The OTC Bulletin Board (OTC-BB) is a regulated quotation service that displays real-time quotes, last-sale prices, and volume information in over-the-counter (OTC) equity securities. It is owned and operated by the Nasdaq, so is very legitimate.
An OTC-BB equity security generally is any equity that is not listed or traded on NASDAQ or a national securities exchange. In other words, it is a system for creating some regulation and accountability for stocks "without a home."
The American Stock Exchange, like the NASDAQ SmallCap, is an excellent source of penny stocks. You will find that shares trading here may have less volume than those on the NASDAQ SmallCap, but the companies are subject to reporting requirements and are followed by many news and quote services, so investors enjoy the same benefits derived from the SmallCap exchange.
Your broker will have no trouble trading in AMEX shares.
Do not buy these ever. The pink sheets are stocks that trade without any reporting requirements or regulation, and have no responsibility to you, the investor. They are very hard to buy and sell, as the trading activity in them is very low and sporadic.
The origins of the Pink Sheets go back to 1904, when the National Quotation Bureau began as a paper-based, inter-dealer quotation service linking competing market makers in OTC securities across the country. Since that time, the Pink Sheets and the Yellow Sheets have been the central resource for trading information in OTC stocks and bonds.
There are far fewer listing requirements. There are far fewer rules. This is what the stock market would be like in a post-apocalyptic world.
It is possible to buy shares directly from the companies in some cases. The main reason to do this would be to avoid paying a brokerage commission. As well, it may be an easier way to acquire shares in a more obscure company than trading for them Over-The-Counter.
Besides the fact that I discourage trading in Over-The-Counter stocks, there are inherent problems with direct purchasing. There can be no assurances that you are getting a fair valuation based on prevailing market prices, and in most cases the quoted amount will be higher than you would have had to pay if buying on an exchange.
For thinly traded Over-The-Counter equities, it may be near impossible to get appropriate trading prices. OTC issues do not have any system of matching up buy and sell orders, so buying the shares is no different than buying a used car. The seller may be asking far too much, and perhaps far more than the most recent trades. The point is that you would have no way of knowing.

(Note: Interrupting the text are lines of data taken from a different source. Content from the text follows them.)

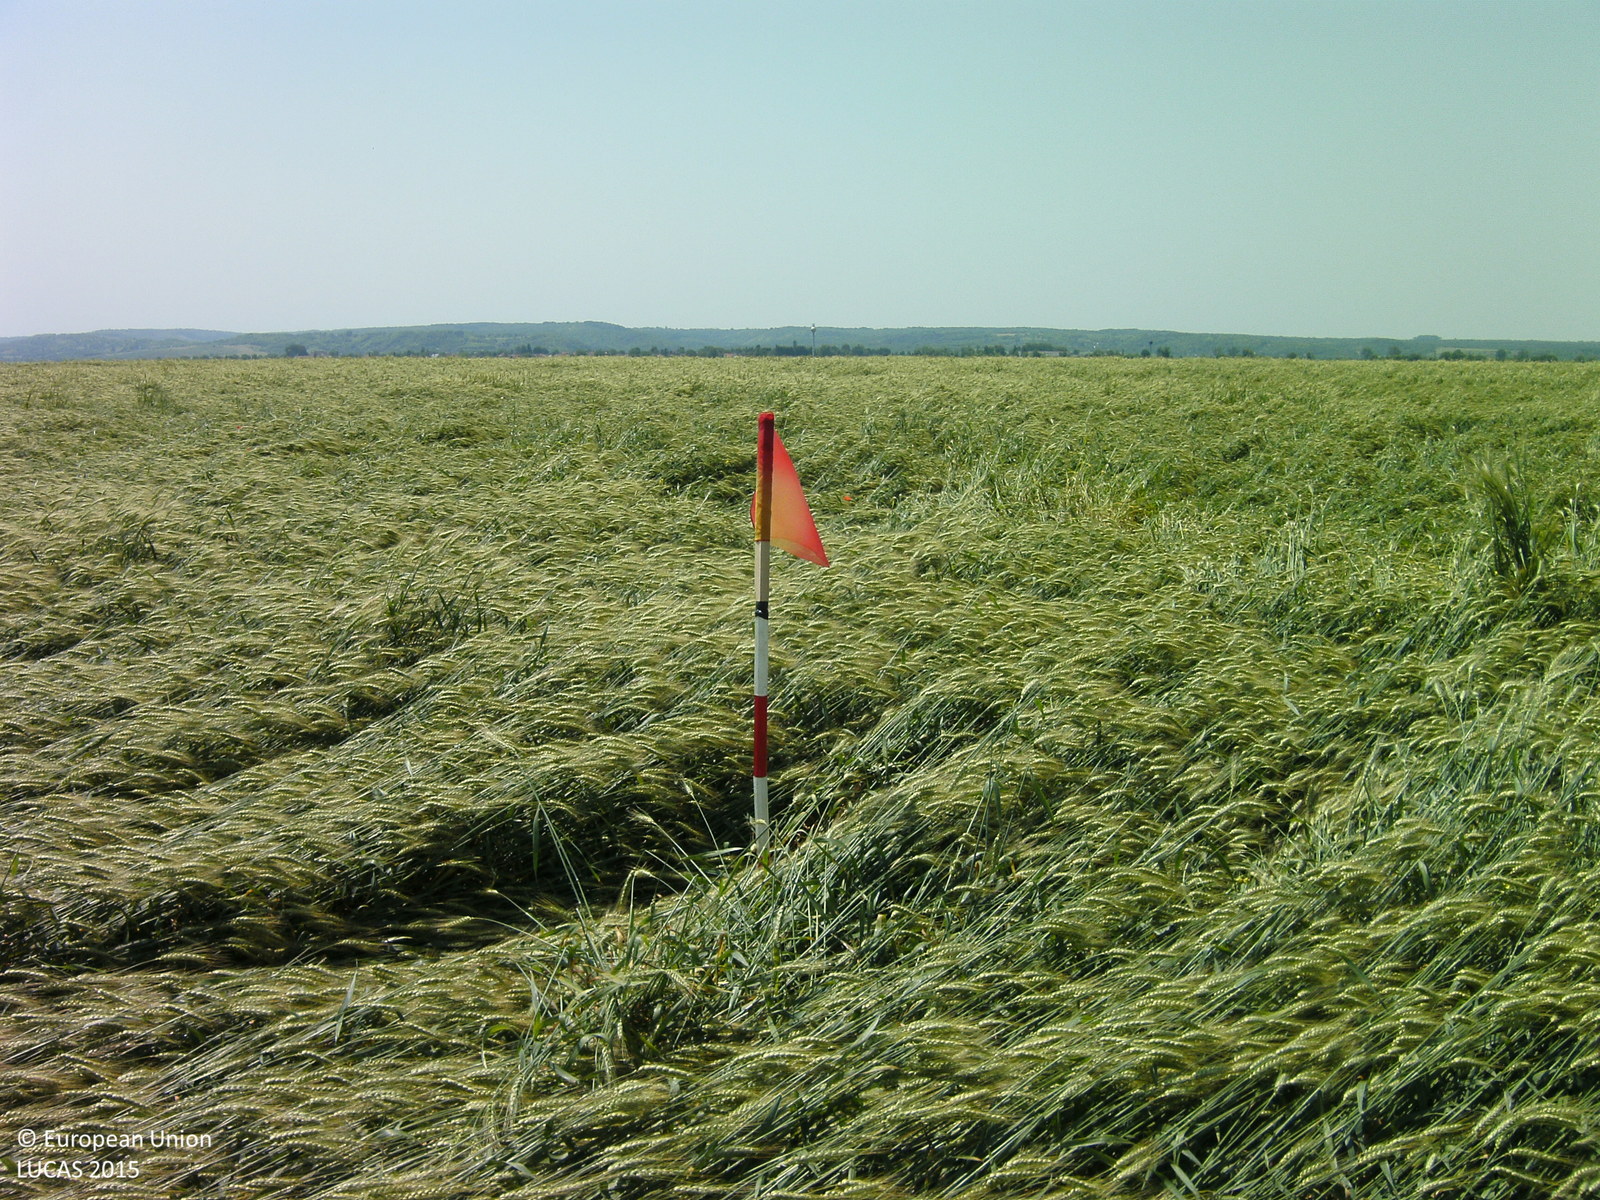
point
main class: Cropland
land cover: Common wheat
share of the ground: > 75 %
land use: Agriculture (excluding fallow land and kitchen gardens)
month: June
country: HU
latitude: 46.3787
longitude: 17.9767

Although it was more prevalent in the '70s and '80s, phone salesmen touting stock should be considered dangerous.
Under no circumstances should any investor accept an offer to purchase shares in a company that they heard about through an unsolicited phone call, fax, or e-mail!!
Be sure to watch the movie, "Boiler Room" to get a feel for how these scams operate. I highly recommend this movie, which will help drive the point home.
The companies are promoted aggressively, and in most cases are nearly non-existent, poorly run, fundamentally vacant shells. It is nearly impossible to resell shares in these equities, whether you have made a profit or a loss.
The promoters will be pressuring you with a time frame, and may demand immediate action. The stories of the promoted stocks border on incredible, and certainly, "...if their product or service is embraced by the public, the shares will skyrocket, and the industry will be revolutionized..." Hang up the phone. Don't say anything - just hang up.
For those that ignore this clear and precise warning, you will deserve the returns these stocks provide you with.
The Toronto Stock Exchange (TSX) and Toronto Venture Exchange (TSX-V) both list penny stock shares, some as low as a couple of cents. If your broker allows for over the border trades, we highly recommend getting involved with Canadian penny stocks. These companies are often trading so inexpensively simply because they are smaller in size (as opposed to being extreme long shots, or highly speculative). With Canadian penny stocks, there are literally thousands of good companies to choose between.